NIST answers to questions on continuous monitoring suggest no drastic change in approach
In the wake of the release of its updated Special Publication 800-37, Guide for Applying the Risk Management Framework to Federal Information Systems, which among other things calls for federal agencies to continuously monitor the security controls associated with their information systems, the Computer Security Division of the National Institute for Standards and Technology (NIST) today published a set of frequently asked questions (and answers to those questions) on continuous monitoring. In contrast to some initial interpretations of pending changes in the application of federal certification and accreditation processes, this guidance from NIST makes it quite clear that it envisions continuous monitoring as an additional component of security program procedures followed to authorize systems, not as a substitute for them. It would seem that NIST is positioning continuous monitoring simply as an additional, and very valuable, source of information for agencies making risk-based decisions about the security of their information systems. This positioning is consistent with language in a memorandum from OMB distributed to all department and agency heads in April, as is the point made in both documents that by performing continuous monitoring, agencies meet the periodic testing and evaluation requirement under the Federal Information Security Management Act (FISMA).
The consideration of continuous monitoring as an additive element to existing federal information security program practices inevitably raises the question of agency resources needed to comply with expanded obligations. In the context of arguing for the record that conventional certification and accreditation practices are expensive to follow and provide little value in terms of actually securing agency systems and environments, many federal agency officials have questioned the economic wisdom of continuing to authorize their systems using existing methods and approaches. While the Department of State has, so far, continued to conduct security authorization activities and produce accreditation package documentation in parallel with its relatively new automated risk-scoring approach to security posture assessment, other agencies appear to believe that current compliance approaches mandated under FISMA (and OMB Circular A-130) will be deprecated in favor of some other, yet-to-be determined mechanism, whether by executive agency action or by act of Congress. These agencies, notably including NASA, have sought to re-allocate resources away from authorization tasks in favor of standing up continuous monitoring capabilities.
While it may be hard to see continuous monitoring as a negative, even if it does not represent a real shift away from compliance-driven processes, making the newer requirements simply additive, rather than revisionary, seems to be a lost opportunity to pursue real enhancements in agency security postures. The current emphasis for OMB is on moving the government toward more streamlined and more frequent security reporting, via the CyberScope online reporting solution. For its initial rollout, and perhaps until the information being reported is revised significantly, changing the submission mechanism and frequency of reporting doesn’t get to the heart of the problem in federal security practices, which is too great a reliance on compliance exercises rather than real situational awareness. If agency CISO’s and Congress all agree that compliance with security guidance does not equal actual improved security, then more frequent compliance checks cannot be the answer. The potential remains, depending on how continuous monitoring is implemented among agencies, for agencies to settle on a more appropriate set of security metrics than those currently required for reporting under FISMA. If, however, there is no change in the level of documentation and procedural requirements associated with system authorization, then many agencies may not have the resources within their security programs to make a genuine and sustained effort on continuous monitoring.

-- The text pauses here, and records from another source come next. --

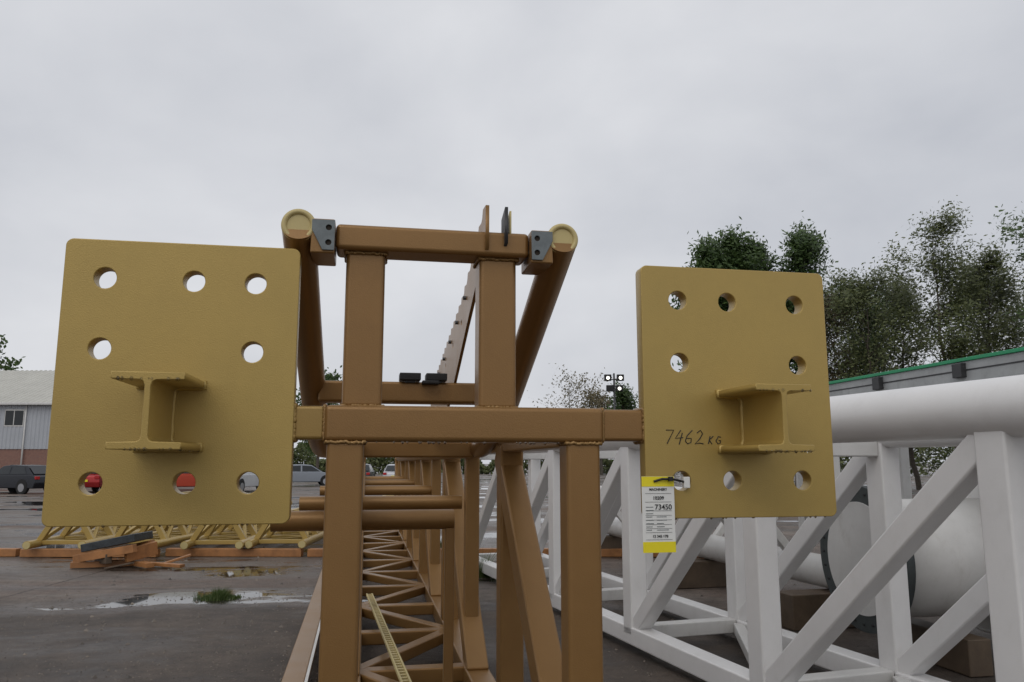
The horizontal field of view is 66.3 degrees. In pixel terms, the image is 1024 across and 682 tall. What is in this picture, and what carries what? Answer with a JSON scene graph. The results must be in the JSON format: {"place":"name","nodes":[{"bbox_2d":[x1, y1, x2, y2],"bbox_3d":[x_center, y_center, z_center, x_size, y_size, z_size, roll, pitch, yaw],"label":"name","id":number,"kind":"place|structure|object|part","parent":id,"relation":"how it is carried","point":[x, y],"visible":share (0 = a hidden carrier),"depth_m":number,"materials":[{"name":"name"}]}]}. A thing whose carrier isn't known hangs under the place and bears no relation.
{"place":"outdoors","nodes":[
{"label":"outdoors","id":0,"kind":"place"},
{"bbox_2d":[0,370,54,467],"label":"industrial warehouse","id":1,"kind":"structure","parent":0,"point":[25,404],"depth_m":59.71,"materials":[{"name":"white metal"}]},
{"bbox_2d":[4,411,23,424],"bbox_3d":[-37.900,5.853,59.705,1.360,1.100,0.015,0,-9,0],"label":"window glass","id":2,"kind":"structure","parent":1,"relation":"in","point":[18,419],"depth_m":59.70,"materials":[{"name":"black glass"}]},
{"bbox_2d":[4,409,24,426],"bbox_3d":[-37.900,5.859,59.742,1.500,1.300,0.050,0,-9,0],"label":"window frame","id":3,"kind":"structure","parent":1,"relation":"in","point":[5,409],"depth_m":59.76,"materials":[{"name":"white paint"}]},
{"bbox_2d":[193,585,241,600],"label":"grass","id":4,"kind":"structure","parent":0,"point":[224,594],"depth_m":9.30,"materials":[{"name":"green plant"}]},
{"bbox_2d":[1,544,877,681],"bbox_3d":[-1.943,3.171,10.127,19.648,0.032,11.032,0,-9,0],"label":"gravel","id":5,"kind":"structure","parent":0,"point":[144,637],"depth_m":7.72,"materials":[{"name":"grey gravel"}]},
{"bbox_2d":[479,550,496,578],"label":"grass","id":6,"kind":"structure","parent":0,"point":[481,575],"depth_m":11.02,"materials":[{"name":"green plant"}]},
{"bbox_2d":[0,464,995,681],"bbox_3d":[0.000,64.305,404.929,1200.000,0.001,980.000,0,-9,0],"label":"ground","id":7,"kind":"structure","parent":0,"point":[21,523],"depth_m":8.19,"materials":[{"name":"grey asphalt"}]},
{"bbox_2d":[0,334,25,370],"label":"oak tree","id":8,"kind":"object","parent":7,"relation":"on","point":[9,364],"visible":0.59,"depth_m":81.98,"materials":[{"name":"green plant"}]},
{"bbox_2d":[0,465,45,493],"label":"parked car","id":9,"kind":"object","parent":7,"relation":"on","point":[21,479],"visible":0.66,"depth_m":40.35,"materials":[{"name":"paint"}]},
{"bbox_3d":[-26.557,6.735,40.855,1.200,0.390,0.135,-3,-9,20],"label":"side window","id":10,"kind":"part","parent":9,"relation":"part of","materials":[{"name":"grey glass"}]},
{"bbox_3d":[-25.373,6.669,40.429,1.120,0.390,0.135,-3,-9,20],"label":"side window","id":11,"kind":"part","parent":9,"relation":"part of","materials":[{"name":"grey glass"}]},
{"bbox_3d":[-24.412,6.730,40.874,0.500,0.365,1.440,-3,-9,20],"label":"rear window","id":12,"kind":"part","parent":9,"relation":"part of","materials":[{"name":"grey glass"}]},
{"bbox_2d":[85,473,102,490],"bbox_3d":[-22.999,7.672,43.835,1.790,1.508,4.415,1,-9,-5],"label":"parked car","id":13,"kind":"object","parent":7,"relation":"on","point":[93,481],"visible":0.23,"depth_m":41.77,"materials":[{"name":"paint"}]},
{"bbox_2d":[70,531,190,568],"bbox_3d":[-5.833,3.220,12.110,1.743,0.511,0.852,-1,-9,8],"label":"timber dunnage pile","id":14,"kind":"object","parent":7,"relation":"on","point":[133,553],"visible":1,"depth_m":11.95,"materials":[{"name":"brown wood"}]},
{"bbox_2d":[176,472,195,486],"bbox_3d":[-18.193,7.674,43.845,4.415,1.508,1.790,3,-9,-20],"label":"parked car","id":15,"kind":"object","parent":7,"relation":"on","point":[185,479],"visible":0.02,"depth_m":43.05,"materials":[{"name":"paint"}]},
{"bbox_2d":[239,472,258,490],"bbox_3d":[-15.201,7.387,43.373,1.790,1.930,4.415,-1,-9,5],"label":"parked van","id":16,"kind":"object","parent":7,"relation":"on","point":[249,479],"visible":0.12,"depth_m":42.90,"materials":[{"name":"paint"}]},
{"bbox_2d":[292,464,325,485],"bbox_3d":[-14.307,9.279,54.216,4.415,1.508,1.790,3,-9,-20],"label":"parked car","id":17,"kind":"object","parent":7,"relation":"on","point":[305,473],"visible":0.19,"depth_m":53.53,"materials":[{"name":"paint"}]},
{"bbox_3d":[-14.927,8.657,53.276,1.120,0.390,0.135,3,-9,-20],"label":"side window","id":18,"kind":"part","parent":17,"relation":"part of","materials":[{"name":"grey glass"}]},
{"bbox_3d":[-13.743,8.723,53.702,1.200,0.390,0.135,3,-9,-20],"label":"side window","id":19,"kind":"part","parent":17,"relation":"part of","materials":[{"name":"grey glass"}]},
{"bbox_2d":[296,365,341,468],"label":"oak tree","id":20,"kind":"object","parent":7,"relation":"on","point":[330,376],"visible":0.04,"depth_m":92.10,"materials":[{"name":"green plant"}]},
{"bbox_2d":[0,548,697,556],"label":"timber baulks","id":21,"kind":"object","parent":7,"relation":"on","point":[193,552],"visible":0.45,"depth_m":13.42,"materials":[{"name":"brown wood"}]},
{"bbox_2d":[22,525,177,549],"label":"stacked coaster track","id":22,"kind":"structure","parent":21,"relation":"on","point":[84,535],"depth_m":13.88,"materials":[{"name":"gold metal"}]},
{"bbox_2d":[108,524,252,547],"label":"stacked coaster track","id":23,"kind":"structure","parent":21,"relation":"on","point":[165,535],"depth_m":14.11,"materials":[{"name":"gold metal"}]},
{"bbox_2d":[180,502,291,549],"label":"stacked coaster track","id":24,"kind":"structure","parent":21,"relation":"on","point":[239,536],"depth_m":13.92,"materials":[{"name":"gold metal"}]},
{"bbox_2d":[245,508,322,548],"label":"stacked coaster track","id":25,"kind":"structure","parent":21,"relation":"on","point":[302,539],"depth_m":13.76,"materials":[{"name":"gold metal"}]},
{"bbox_2d":[365,464,374,475],"bbox_3d":[-10.999,9.738,57.176,1.790,1.508,4.415,1,-9,-5],"label":"parked car","id":26,"kind":"object","parent":7,"relation":"on","point":[369,471],"visible":0.17,"depth_m":55.81,"materials":[{"name":"paint"}]},
{"bbox_2d":[383,464,394,475],"bbox_3d":[-8.300,9.738,57.176,1.790,1.508,4.415,0,-9,-2],"label":"parked car","id":27,"kind":"object","parent":7,"relation":"on","point":[389,470],"visible":0.29,"depth_m":55.32,"materials":[{"name":"paint"}]},
{"bbox_3d":[-8.241,9.008,55.587,1.440,0.365,0.500,0,-9,-2],"label":"rear window","id":28,"kind":"part","parent":27,"relation":"part of","materials":[{"name":"grey glass"}]},
{"bbox_2d":[42,205,836,681],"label":"gold coaster track section","id":29,"kind":"object","parent":7,"relation":"on","point":[160,397],"visible":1,"depth_m":2.85,"materials":[{"name":"paint"}]},
{"bbox_2d":[641,476,689,552],"bbox_3d":[0.564,0.624,2.825,0.196,0.268,0.052,4,-10,-27],"label":"shipping label tag","id":30,"kind":"object","parent":29,"relation":"attached to","point":[658,515],"visible":1,"depth_m":2.82,"materials":[{"name":"paper"}]},
{"bbox_2d":[532,363,616,407],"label":"oak tree","id":31,"kind":"object","parent":7,"relation":"on","point":[577,398],"visible":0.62,"depth_m":100.01,"materials":[{"name":"green plant"}]},
{"bbox_2d":[560,372,631,474],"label":"oak tree","id":32,"kind":"object","parent":7,"relation":"on","point":[600,402],"visible":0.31,"depth_m":100.93,"materials":[{"name":"green plant"}]},
{"bbox_2d":[604,373,623,409],"bbox_3d":[8.100,6.815,61.668,1.560,8.600,0.350,0,-9,0],"label":"floodlight mast","id":33,"kind":"object","parent":7,"relation":"on","point":[611,388],"visible":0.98,"depth_m":62.09,"materials":[{"name":"metal"}]},
{"bbox_2d":[603,380,638,460],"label":"conifer tree","id":34,"kind":"object","parent":7,"relation":"on","point":[623,399],"visible":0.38,"depth_m":63.26,"materials":[{"name":"green plant"}]},
{"bbox_2d":[293,441,953,475],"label":"hedge","id":35,"kind":"object","parent":7,"relation":"on","point":[300,455],"visible":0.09,"depth_m":108.22,"materials":[{"name":"green plant"}]},
{"bbox_2d":[669,228,739,371],"bbox_3d":[10.956,0.884,45.441,5.350,15.374,5.650,0,-9,0],"label":"poplar tree","id":36,"kind":"object","parent":7,"relation":"on","point":[708,254],"visible":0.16,"depth_m":45.31,"materials":[{"name":"green plant"}]},
{"bbox_2d":[600,486,855,630],"bbox_3d":[2.504,2.671,10.800,1.200,1.215,7.100,2,-9,-14],"label":"white coaster track section","id":37,"kind":"object","parent":7,"relation":"on","point":[799,608],"visible":0.04,"depth_m":8.44,"materials":[{"name":"paint"}]},
{"bbox_2d":[711,216,768,310],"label":"poplar tree","id":38,"kind":"object","parent":7,"relation":"on","point":[733,243],"visible":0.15,"depth_m":46.39,"materials":[{"name":"green plant"}]},
{"bbox_2d":[479,374,1023,681],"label":"white steel truss","id":39,"kind":"object","parent":7,"relation":"on","point":[979,424],"visible":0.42,"depth_m":5.07,"materials":[{"name":"metal"}]},
{"bbox_2d":[727,231,790,369],"bbox_3d":[14.489,0.804,45.884,4.749,15.701,4.755,-4,-10,24],"label":"poplar tree","id":40,"kind":"object","parent":7,"relation":"on","point":[756,250],"visible":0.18,"depth_m":46.43,"materials":[{"name":"green plant"}]},
{"bbox_2d":[773,210,857,486],"bbox_3d":[17.075,0.431,45.846,5.058,16.413,6.518,0,-9,0],"label":"poplar tree","id":41,"kind":"object","parent":7,"relation":"on","point":[802,253],"visible":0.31,"depth_m":45.36,"materials":[{"name":"green plant"}]},
{"bbox_2d":[788,288,867,463],"bbox_3d":[18.374,2.542,44.139,5.956,11.688,5.771,0,-9,0],"label":"birch tree","id":42,"kind":"object","parent":7,"relation":"on","point":[832,373],"visible":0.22,"depth_m":44.17,"materials":[{"name":"green plant"}]},
{"bbox_2d":[820,271,907,378],"bbox_3d":[20.891,2.320,47.291,7.065,13.132,8.054,0,-9,0],"label":"birch tree","id":43,"kind":"object","parent":7,"relation":"on","point":[866,330],"visible":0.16,"depth_m":46.22,"materials":[{"name":"green plant"}]},
{"bbox_2d":[822,254,933,379],"bbox_3d":[18.988,1.703,41.678,6.419,12.602,6.050,0,-9,0],"label":"birch tree","id":44,"kind":"object","parent":7,"relation":"on","point":[859,293],"visible":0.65,"depth_m":41.66,"materials":[{"name":"green plant"}]},
{"bbox_2d":[836,260,953,489],"bbox_3d":[23.536,1.910,47.962,8.046,14.135,6.773,-7,-11,38],"label":"birch tree","id":45,"kind":"object","parent":7,"relation":"on","point":[907,355],"visible":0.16,"depth_m":46.85,"materials":[{"name":"green plant"}]},
{"bbox_2d":[796,347,1023,657],"bbox_3d":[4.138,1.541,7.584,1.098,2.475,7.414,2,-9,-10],"label":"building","id":46,"kind":"structure","parent":7,"relation":"on","point":[1005,363],"depth_m":7.14,"materials":[{"name":"metal"}]},
{"bbox_2d":[862,195,992,449],"bbox_3d":[21.720,0.062,39.996,6.497,15.366,6.029,0,-9,0],"label":"birch tree","id":47,"kind":"object","parent":7,"relation":"on","point":[955,311],"visible":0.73,"depth_m":40.16,"materials":[{"name":"green plant"}]},
{"bbox_2d":[911,617,993,676],"bbox_3d":[3.451,2.469,6.402,0.200,0.270,1.000,2,-9,-10],"label":"cradle","id":48,"kind":"object","parent":7,"relation":"on","point":[969,655],"visible":0.51,"depth_m":5.94,"materials":[{"name":"brown wood"}]},
{"bbox_2d":[919,234,1023,356],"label":"birch tree","id":49,"kind":"object","parent":7,"relation":"on","point":[989,260],"visible":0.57,"depth_m":41.01,"materials":[{"name":"green plant"}]},
{"bbox_2d":[926,258,1023,357],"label":"birch tree","id":50,"kind":"object","parent":7,"relation":"on","point":[1022,284],"visible":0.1,"depth_m":46.29,"materials":[{"name":"green plant"}]},
{"bbox_2d":[966,485,990,629],"bbox_3d":[5.617,1.845,6.885,3.400,1.240,1.240,2,-9,-10],"label":"shaft wide","id":51,"kind":"object","parent":7,"relation":"on","point":[985,622],"visible":0.06,"depth_m":6.58,"materials":[{"name":"metal"}]},
{"bbox_2d":[820,486,915,633],"bbox_3d":[2.875,1.771,6.407,0.070,1.160,1.160,2,-9,-10],"label":"flange disc","id":52,"kind":"object","parent":51,"relation":"attached to","point":[868,621],"visible":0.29,"depth_m":6.36,"materials":[{"name":"grey metal"}]},
{"bbox_2d":[828,502,875,615],"bbox_3d":[2.845,1.770,6.402,0.030,0.900,0.900,2,-9,-10],"label":"end disc","id":53,"kind":"object","parent":52,"relation":"attached to","point":[849,540],"visible":0.4,"depth_m":6.53,"materials":[{"name":"white paint"}]},
{"bbox_2d":[988,204,1023,335],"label":"ash tree","id":54,"kind":"object","parent":7,"relation":"on","point":[1010,229],"visible":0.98,"depth_m":37.49,"materials":[{"name":"green plant"}]},
{"bbox_2d":[0,0,1023,463],"label":"sky","id":55,"kind":"structure","parent":0,"point":[633,126],"materials":[{"name":"grey"}]},
{"bbox_2d":[902,498,985,616],"bbox_3d":[3.416,1.786,6.502,1.070,0.940,0.940,2,-9,-10],"label":"shaft","id":56,"kind":"object","parent":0,"point":[949,555],"visible":0.23,"depth_m":6.06,"materials":[{"name":"white paint"}]},
{"bbox_2d":[975,625,990,632],"bbox_3d":[3.943,1.800,6.593,0.030,1.250,1.250,2,-9,-10],"label":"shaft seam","id":57,"kind":"object","parent":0,"point":[983,629],"visible":0.06,"depth_m":6.53,"materials":[{"name":"grey metal"}]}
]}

2 Comments on “NIST answers to questions on continuous monitoring suggest no drastic change in approach”
800-37 only requires 3 artifacts — SSP, SAR, POA&M. Usually its agency policies that make these 3 documents into the size of books. There’s nothing that should stop agencies from referencing other systems development and engineering documentation and using something like the SSP as a pointer document.
Cross-referencing among documents is encouraged, including among separately authorized systems from which a given system may “inherit” controls (like physical and environmental protection from a data center that hosts multiple, separately accredited systems). The SSP is also supposed to be a pointer to other sources of detail, but that detail usually has to exist or be developed to be referenceable. With respect to the Security Assessment Report in particular, there is an enormous level of effort required to complete a full assessment using SP800-53A, so the fact that the “required” final document need not be enormous doesn’t remove the burden from agencies of providing detailed control assessments for a large proportion of the 198 controls in 800-53. Even if a lot of these are derived from common controls, the level of effort should not be underestimated.